The answer is simple, call a serviceman. Playing with gas and electricity at the same time is a recipe for a major explosion.  
Peter.

----------


## msman

perhaps i should of added that i'am an mechatronics engineer and dad is a electrician with over 20 years experiance.
and if general sense is used you won't blow anything, i.e. not touching the gas in any way, turn it off when doing any tests etc. 
and i posted just to find out if there was any common faults in these units. 
any way we found that one of the relays has had it, it was kicking in before but is now completely gone.
any one know where i would be able to get a replacement?
relay part number SS-124L
or even the entire pcb poard. 
cheers

----------


## silentC

This would be a good starting point: http://www.ilecheating.com.au/entry_...try_frames.asp

----------


## Terrian

powerhouse 80 (or 100) is what I was sort of looking at (2nd hand) to replace our current unit, but have not been able to find any details on them, number of point, energy rating blah blah blah (errr, current unit is an indoor model, approx 20 years old that has a minus 3 rating I think  :Smilie:  
anyone have any info on these Vulcan heaters ? 
bye

----------


## OBBob

I have a vulcan powerhouse 120 Eco. It's 5.5 stars. Has been great except for the stupid wireless remote that doesn't always get the signal across to the receiver, however was 2nd hand, so has been OK considering.  
I had a low effeciency Stadt previously and I would definately recomed going the extra few bucks for a high efficiency unit.  
I have the manual for my model. Private message me if it will help you.

----------


## Terrian

Thanks for the offer OBBob, but if your manual is for the 120 series I doubt it would have the ratings for the 80 or 100 series, damned if I can find any info on the net about the 80 or 100 series  :Frown:

----------


## droog

Hi Terrian 
I have a powerhouse 120 but still have the information and installation manuals for it. It also includes the powerhouse 80, 100 as well as some other models. 
Have scanned in the specifications for the models, if you need other info let me know and I will see if I can help.

----------


## Terrian

> Hi Terrian 
> I have a powerhouse 120 but still have the information and installation manuals for it. It also includes the powerhouse 80, 100 as well as some other models. 
> Have scanned in the specifications for the models, if you need other info let me know and I will see if I can help.

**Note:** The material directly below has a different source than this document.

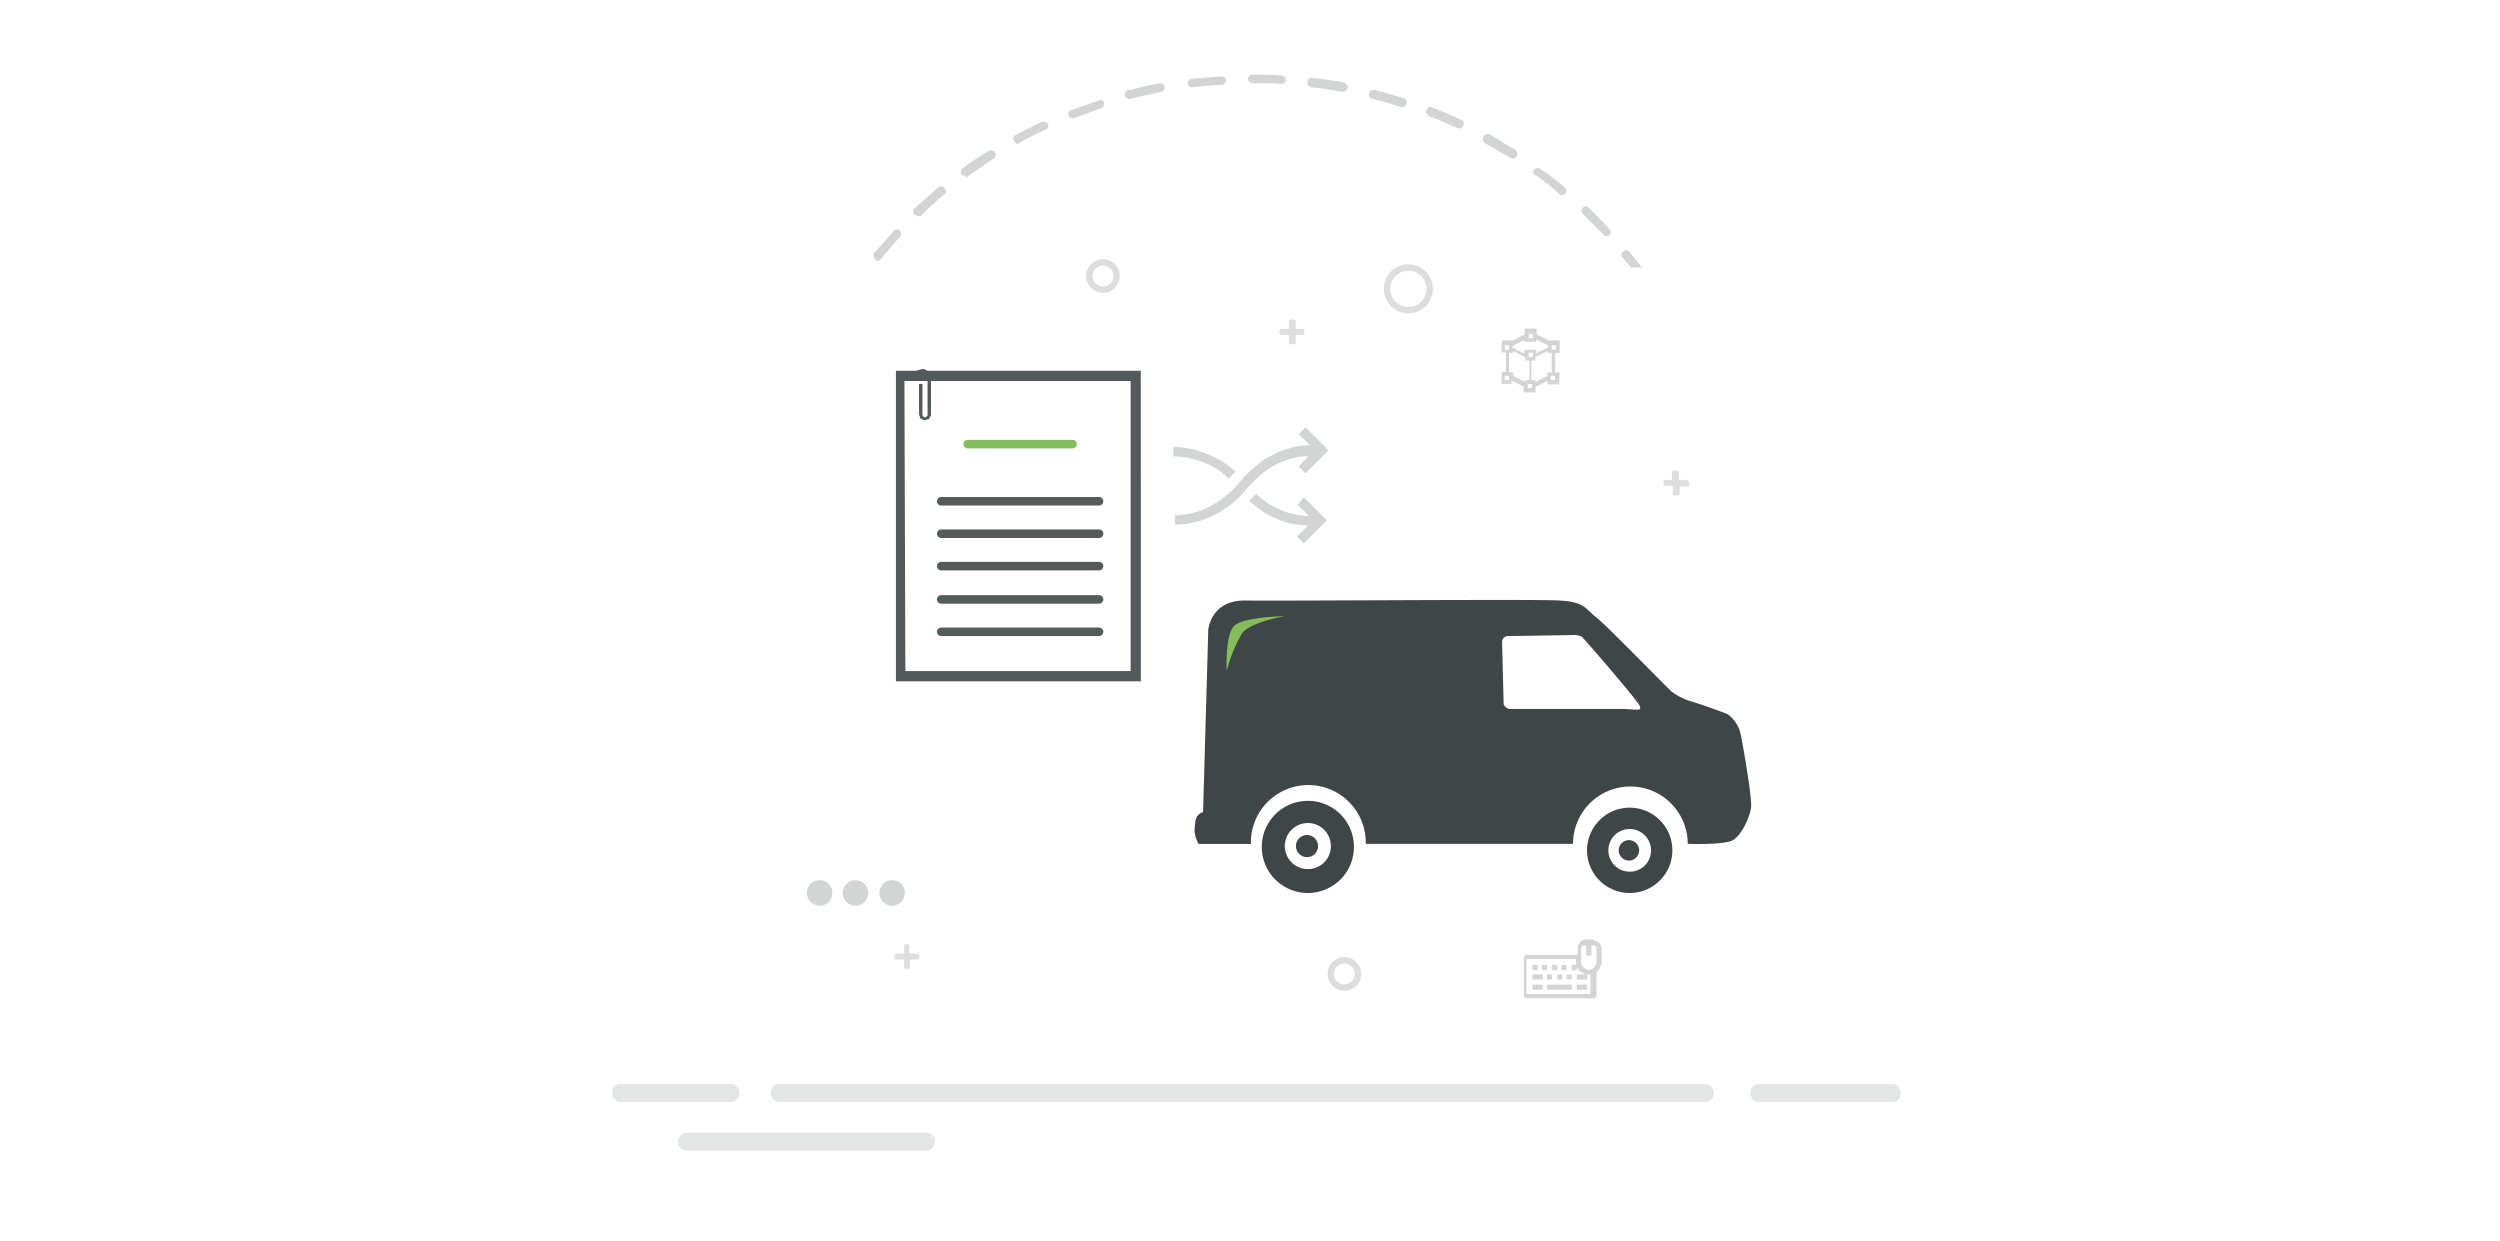 <svg xmlns="http://www.w3.org/2000/svg" viewBox="0 0 293 145.5"><g opacity="0.5"><path d="M91.36,127.05h108.5a1,1,0,0,1,1,1v.1a1,1,0,0,1-1,1H91.36a1,1,0,0,1-1-1v-.1A1,1,0,0,1,91.36,127.05Z" fill="#cacbcc"/></g><g opacity="0.5"><path d="M206.16,127.05h15.6a1,1,0,0,1,1,1v.1a1,1,0,0,1-1,1h-15.6a1,1,0,0,1-1-1v-.1A1,1,0,0,1,206.16,127.05Z" fill="#cacbcc"/></g><g opacity="0.5"><path d="M80.46,132.75h28.1a1,1,0,0,1,1,1v.1a1,1,0,0,1-1,1H80.46a1,1,0,0,1-1-1v-.1A1.08,1.08,0,0,1,80.46,132.75Z" fill="#cacbcc"/></g><g opacity="0.5"><path d="M72.76,127.05h12.9a1,1,0,0,1,1,1v.1a1,1,0,0,1-1,1H72.76a1,1,0,0,1-1-1v-.1A.94.94,0,0,1,72.76,127.05Z" fill="#cacbcc"/></g><path d="M139.56,10.25h0c1.2-.1,2.4-.3,3.6-.3a.5.5,0,0,0,0-1l-3.6.3a.52.52,0,0,0-.3.7q0,.15.3.3Z" fill="#d3d4d4"/><path d="M132.56,11.55h.1c1.1-.3,2.3-.5,3.5-.8a.52.52,0,0,0,.3-.7h0a.55.55,0,0,0-.5-.3h0a35.89,35.89,0,0,0-3.5.8.44.44,0,0,0-.6.4.44.44,0,0,0,.4.6c0,.1.2.1.3,0Z" fill="#d3d4d4"/><path d="M146.76,9.75h.1c1.1,0,2.3,0,3.4.1h0c.3-.1.5-.3.4-.6h0c0-.2-.2-.3-.4-.4h0c-1.2-.1-2.4-.1-3.5-.1h-.1a.62.62,0,0,0-.4.6h0a.66.66,0,0,0,.5.4Z" fill="#d3d4d4"/><path d="M125.66,13.85h.2l3.3-1.2a.66.66,0,0,0,.2-.7.37.37,0,0,0-.5-.2h0c-1.1.4-2.3.8-3.4,1.2-.3.1-.3.5-.2.7h0a.76.76,0,0,0,.4.2Z" fill="#d3d4d4"/><path d="M107.66,25.35c.1,0,.3,0,.3-.1.8-.8,1.7-1.6,2.6-2.4a.44.44,0,0,0,.2-.7h0a.6.6,0,0,0-.6-.3.22.22,0,0,0-.2.2h-.1l-2.7,2.4a.48.48,0,0,0,0,.7C107.46,25.25,107.56,25.35,107.66,25.35Z" fill="#d3d4d4"/><path d="M119.26,16.85c.1,0,.2,0,.2-.1a31.82,31.82,0,0,1,3.2-1.6.49.49,0,0,0,.1-.7h0c-.1-.2-.3-.2-.6-.2h0c-1.1.5-2.1,1.1-3.2,1.6a.49.49,0,0,0-.1.7C119,16.75,119.06,16.85,119.26,16.85Z" fill="#d3d4d4"/><path d="M153.76,10.25c1.2.1,2.4.3,3.5.5h.1a.63.63,0,0,0,.6-.5.63.63,0,0,0-.5-.6c-1.2-.2-2.4-.4-3.6-.5a.44.44,0,0,0-.6.4.45.45,0,0,0,.3.6C153.56,10.25,153.66,10.25,153.76,10.25Z" fill="#d3d4d4"/><path d="M113.16,20.75a.37.37,0,0,0,.3-.1c1-.7,2-1.4,2.9-2a.52.52,0,0,0,.3-.7h0a.52.52,0,0,0-.7-.3c-.1,0-.1.1-.2.1h0c-1,.6-2,1.3-3,2a.6.6,0,0,0,0,.8h0c.2,0,.4.1.4.2Z" fill="#d3d4d4"/><path d="M102.86,30.55a.52.52,0,0,0,.4-.2c.7-.9,1.5-1.8,2.3-2.7a.57.57,0,0,0-.2-.7h0a.45.45,0,0,0-.5,0l-2.4,2.7a.49.49,0,0,0,.1.7h0C102.66,30.55,102.76,30.65,102.86,30.55Z" fill="#d3d4d4"/><path d="M188,27.55a.48.48,0,0,0,.7-.1h0a.45.45,0,0,0,0-.5c-.8-.9-1.7-1.8-2.5-2.6a.48.48,0,0,0-.7,0h0a.48.48,0,0,0,0,.7h0Z" fill="#d3d4d4"/><path d="M191.06,29.65a.54.54,0,0,0-1,.4h0a.22.22,0,0,0,.2.2h0a10.63,10.63,0,0,0,.9,1.1h1.3C192,30.85,191.56,30.25,191.06,29.65Z" fill="#d3d4d4"/><path d="M182.76,22.75a.37.37,0,0,0,.3.1.52.52,0,0,0,.4-.2.43.43,0,0,0-.1-.7h0a31.55,31.55,0,0,0-2.9-2.2.57.57,0,0,0-.7.2h0a.45.45,0,0,0,0,.5h.1A22.57,22.57,0,0,1,182.76,22.75Z" fill="#d3d4d4"/><path d="M167.56,13.65c1.1.4,2.2.9,3.3,1.4h.2a.56.56,0,0,0,.5-.6c0-.2-.1-.3-.3-.4-1.1-.5-2.2-1-3.3-1.4a.48.48,0,0,0-.7.1h0a.62.62,0,0,0,.1.8.35.35,0,0,0,.2.1Z" fill="#d3d4d4"/><path d="M174,16.75c1,.6,2.1,1.2,3.1,1.8a.52.52,0,0,0,.7-.3h0a.61.61,0,0,0-.1-.6c-1-.6-2.1-1.3-3.1-1.9a.57.57,0,0,0-.7.2h0A.61.61,0,0,0,174,16.75Z" fill="#d3d4d4"/><path d="M160.76,11.55c1.1.3,2.3.6,3.4,1h.2a.56.56,0,0,0,.5-.6c0-.2-.1-.4-.3-.4a35.74,35.74,0,0,0-3.5-1c-.3-.1-.5.1-.6.4a.45.45,0,0,0,.3.6Z" fill="#d3d4d4"/><rect x="20.26" y="2.75" width="251.7" height="140" fill="none"/><circle cx="96.06" cy="104.65" r="1.5" fill="#d3d4d4"/><circle cx="100.26" cy="104.65" r="1.5" fill="#d3d4d4"/><circle cx="104.56" cy="104.65" r="1.5" fill="#d3d4d4"/><circle cx="165.06" cy="33.85" r="2.5" fill="none" stroke="#211f1f" stroke-miterlimit="10" stroke-width="0.75" opacity="0.15" style="isolation:isolate"/><circle cx="157.56" cy="114.15" r="1.6" fill="none" stroke="#211f1f" stroke-miterlimit="10" stroke-width="0.75" opacity="0.15" style="isolation:isolate"/><circle cx="129.26" cy="32.35" r="1.6" fill="none" stroke="#211f1f" stroke-miterlimit="10" stroke-width="0.75" opacity="0.15" style="isolation:isolate"/><g opacity="0.15"><path d="M152.76,38.55h-.9v-.9a.22.22,0,0,0-.2-.2h-.4a.22.22,0,0,0-.2.2v.9h-.9a.22.22,0,0,0-.2.2v.3a.22.22,0,0,0,.2.2h.9v.9a.22.22,0,0,0,.2.2h.4a.22.22,0,0,0,.2-.2v-.9h.8a.22.22,0,0,0,.2-.2v-.3A.35.35,0,0,0,152.76,38.55Z" fill="#211f1f"/></g><g opacity="0.15"><path d="M197.66,56.25h-.9v-.9a.22.22,0,0,0-.2-.2h-.4a.22.22,0,0,0-.2.2v.9h-.8a.22.22,0,0,0-.2.2v.3a.22.22,0,0,0,.2.2h.9v.9a.22.22,0,0,0,.2.2h.4a.22.22,0,0,0,.2-.2V57h.9a.22.22,0,0,0,.2-.2v-.3C197.86,56.35,197.76,56.25,197.66,56.25Z" fill="#211f1f"/></g><g opacity="0.15"><path d="M107.46,111.75h-.9v-.9a.35.35,0,0,0-.1-.2h-.3a.22.22,0,0,0-.2.2v.9h-.9a.22.22,0,0,0-.2.2h0v.3a.22.22,0,0,0,.2.2h.9v.9a.22.22,0,0,0,.2.2h.3a.22.22,0,0,0,.2-.2h0v-.9h.9a.22.22,0,0,0,.2-.2V112c-.1-.1-.2-.2-.3-.2Z" fill="#211f1f"/></g><circle cx="190.91" cy="99.66" r="1.2" fill="#3f4647"/><path d="M191,94.66a5,5,0,0,0-5,5,5,5,0,0,0,10,0A5,5,0,0,0,191,94.66Zm0,7.5a2.5,2.5,0,1,1,2.5-2.5A2.48,2.48,0,0,1,191,102.16Z" fill="#3f4647"/><circle cx="153.18" cy="99.16" r="1.3" fill="#3f4647"/><path d="M153.28,93.86a5.4,5.4,0,1,0,5.4,5.4A5.38,5.38,0,0,0,153.28,93.86Zm0,8a2.7,2.7,0,1,1,2.7-2.7A2.69,2.69,0,0,1,153.28,101.86Z" fill="#3f4647"/><path d="M153.31,53.48a6.65,6.65,0,0,0-2.1.3,7.71,7.71,0,0,0-1.9.8,10.38,10.38,0,0,0-1.7,1.2c-.5.5-1.1,1-1.5,1.5-.2.2-.4.5-.6.7l-.6.6a11.55,11.55,0,0,1-3.3,2.1,10.06,10.06,0,0,1-3.9.8v-1.1a7.8,7.8,0,0,0,2.2-.3,7,7,0,0,0,2-.8,9.39,9.39,0,0,0,1.8-1.2,12.09,12.09,0,0,0,1.6-1.6c.2-.2.4-.5.6-.7l.7-.7,1.5-1.2c.5-.3,1.1-.6,1.7-.9l1.8-.6a12.25,12.25,0,0,1,1.9-.2l-1.3-1.3.8-.8,2.7,2.7-2.7,2.7-.8-.8Zm-8.5,1.8-.4.4-.4.4a7.55,7.55,0,0,0-1.4-1.1,8,8,0,0,0-1.6-.8,8.45,8.45,0,0,0-1.7-.5,11,11,0,0,0-1.8-.2v-1.1a10.46,10.46,0,0,1,3.9.8A10.78,10.78,0,0,1,144.81,55.28Zm8,3,2.7,2.7-2.7,2.7-.8-.8,1.3-1.3a11.08,11.08,0,0,1-1.9-.2,6.36,6.36,0,0,1-1.8-.6,7,7,0,0,1-1.7-.9,15.76,15.76,0,0,1-1.5-1.2l.4-.4.4-.4a17.1,17.1,0,0,0,1.4,1.1,10.93,10.93,0,0,0,1.5.8,9.13,9.13,0,0,0,3.3.7l-1.3-1.3Z" fill="#d3d4d4"/><path d="M133.71,79.85H105V43.45h28.7Zm-27.6-1.2h26.4v-34H106Z" fill="#525a5c"/><line x1="113.41" y1="52.05" x2="125.71" y2="52.05" fill="none" stroke="#85bc5c" stroke-linecap="round" stroke-linejoin="round"/><line x1="110.31" y1="58.75" x2="128.81" y2="58.75" fill="none" stroke="#545b5a" stroke-linecap="round" stroke-linejoin="round"/><line x1="110.31" y1="62.55" x2="128.81" y2="62.55" fill="none" stroke="#545b5a" stroke-linecap="round" stroke-linejoin="round"/><line x1="110.31" y1="66.35" x2="128.81" y2="66.35" fill="none" stroke="#545b5a" stroke-linecap="round" stroke-linejoin="round"/><line x1="110.31" y1="70.25" x2="128.81" y2="70.25" fill="none" stroke="#545b5a" stroke-linecap="round" stroke-linejoin="round"/><line x1="110.31" y1="74.05" x2="128.81" y2="74.05" fill="none" stroke="#545b5a" stroke-linecap="round" stroke-linejoin="round"/><path d="M186.71,110.2a.6.6,0,0,1,.4.1c.1.1.2.1.3.2s.2.2.2.3.1.2.1.4v1.6a1.42,1.42,0,0,1-.2.6,1,1,0,0,1-.4.5v2.8c0,.1-.1.1-.1.2s-.1.1-.2.1h-7.9c-.1,0-.1-.1-.2-.1s-.1-.1-.1-.2v-4.5c0-.1.1-.1.1-.2s.1-.1.2-.1h6v-.8a.6.6,0,0,1,.1-.4c.1-.1.1-.2.2-.3s.2-.2.3-.2.2-.1.4-.1h.8Zm-.2,4h-.3a1.27,1.27,0,0,1-.6-.1c-.2-.1-.3-.2-.5-.3a2.19,2.19,0,0,1-.3-.5,1.27,1.27,0,0,1-.1-.6v-.3h-5.8v4.1h7.5v-2.3Zm-6.3-.5h-.6v-.6h.6Zm-.6.5h1.2v.6h-1.2Zm0,1.2h1.2v.6h-1.2Zm1.7-1.7h-.6v-.6h.6Zm0,.5h.6v.6h-.6Zm0,1.2h2.9v.6h-2.9Zm1.2-1.7h-.6v-.6h.6Zm0,.5h.6v.6h-.6Zm1.1-.5H183v-.6h.6Zm0,.5h.6v.6h-.6Zm1.2-.5h-.6v-.6h.6Zm0,.5H186v.6h-1.2Zm0,1.2H186v.6h-1.2Zm2.3-4.2a.35.35,0,0,0-.4-.4h-.2V112h-.6v-1.2h-.2a.35.35,0,0,0-.4.4v1.6a.37.37,0,0,0,.1.3c0,.1.1.2.2.3s.2.1.3.2.2.1.3.1a.37.37,0,0,0,.3-.1c.1,0,.2-.1.3-.2s.1-.2.2-.3.1-.2.1-.3Z" fill="#d3d4d3"/><path d="M182.76,41.35h-.5v2.3h.5v1.4h-1.4v-.4l-1.4.7V46h-1.4v-.7l-1.4-.7V45H176v-1.4h.5v-2.3H176v-1.4h1.3l1.4-.7v-.7h1.4v.7l1.4.7h1.3v1.5Zm-6.4-.9V41h.5v-.5Zm.5,4.1v-.5h-.5v.5Zm.5-.5,1.4.7v-.2h.5v-2.3h-.5v-.4l-1.4-.7v.2h-.5v2.3h.5Zm2.7-4h-1.4v-.2l-1.4.7v.2l1.4.7V41h1.4v.4l1.4-.7v-.2l-1.4-.7Zm-.9-.9v.5h.5v-.5Zm0,2.7h.5v-.5h-.5Zm.4,3.6V45h-.5v.5Zm2.3-1.8v-2.3h-.5v-.2l-1.4.7v.4h-.5v2.3h.5v.2l1.4-.7v-.4Zm0-3.2V41h.5v-.5Zm.4,4.1v-.5h-.5v.5Z" fill="#d3d4d3"/><path d="M107.11,44.25a.6.6,0,0,1,.1-.4c.1-.1.1-.2.2-.3s.2-.2.3-.2.3-.1.4-.1a.6.6,0,0,1,.4.1c.1.1.2.1.3.2s.2.2.2.3a.6.6,0,0,1,.1.4v4.3a.37.37,0,0,1-.1.3c-.1.1-.1.1-.1.2s-.1.1-.2.1-.2.1-.3.1a.37.37,0,0,1-.3-.1c-.1,0-.1-.1-.2-.1s-.1-.1-.1-.2-.1-.2-.1-.3V45h.4v3.6c0,.1,0,.1.1.2a.35.35,0,0,0,.2.1c.1,0,.1,0,.2-.1s.1-.1.1-.2v-4.3a.37.37,0,0,0-.1-.3c-.1-.1-.1-.1-.1-.2s-.1-.1-.2-.1-.2-.1-.3-.1a.37.37,0,0,0-.3.1c-.1,0-.1.1-.2.1s-.1.1-.1.2-.1.2-.1.3Z" fill="#525a5c"/><path d="M204,86a3.94,3.94,0,0,0-1.53-2.3c-.63-.28-4-1.46-4.61-1.6a7.63,7.63,0,0,1-1.88-1c-.34-.21-7.54-7.68-8.87-8.72s-1.32-1.82-4.32-2-32.66.07-36.78,0-4.4,3.42-4.4,3.42L141,95.18c-1.07.35-.88,1.32-1,2a3.3,3.3,0,0,0,.48,1.73h6.13c0-.14,0-.29,0-.43a6.73,6.73,0,0,1,13.45,0c0,.14,0,.28,0,.42h24.3a6.72,6.72,0,0,1,13.44,0h.16s4.05.14,5.09-.41,2-2.66,2.17-3.8S204.17,86.8,204,86ZM190.2,83.09H177.08a.86.86,0,0,1-.85-.55l-.19-7.3a.68.68,0,0,1,.66-.69l7.54-.12a2.25,2.25,0,0,1,1.14.19c.33.28,6.24,7.14,6.73,8S191.6,83.09,190.2,83.09Z" fill="#3f4647"/><path d="M143.77,78.65s-.23-4.3.91-5.33,5.9-1.11,5.9-1.11-4,.68-5,2A17.06,17.06,0,0,0,143.77,78.65Z" fill="#85bc5c"/></svg>

  fantastic, ummmm, any chance of a larger scan, these poor old eyes just cant read that  :Frown:  
I see you are in eastern suburbs, close to Ringwood are perhaps ? 
Any chance you could post a copy to me (or pick up) (I am not to far from Ringwood) ? 
thanks

----------


## droog

Hi Terrian, 
Please read the PM I sent to you.

----------


## Terrian

> Hi Terrian, 
> Please read the PM I sent to you.

  
got it, and replied, thanks

----------


## bundy308

> Hi Terrian 
> I have a powerhouse 120 but still have the information and installation manuals for it. It also includes the powerhouse 80, 100 as well as some other models. 
> Have scanned in the specifications for the models, if you need other info let me know and I will see if I can help.

  Hi I wonder if you can email me a copy of the manual please to cathade@bigpond.com  Thanks

----------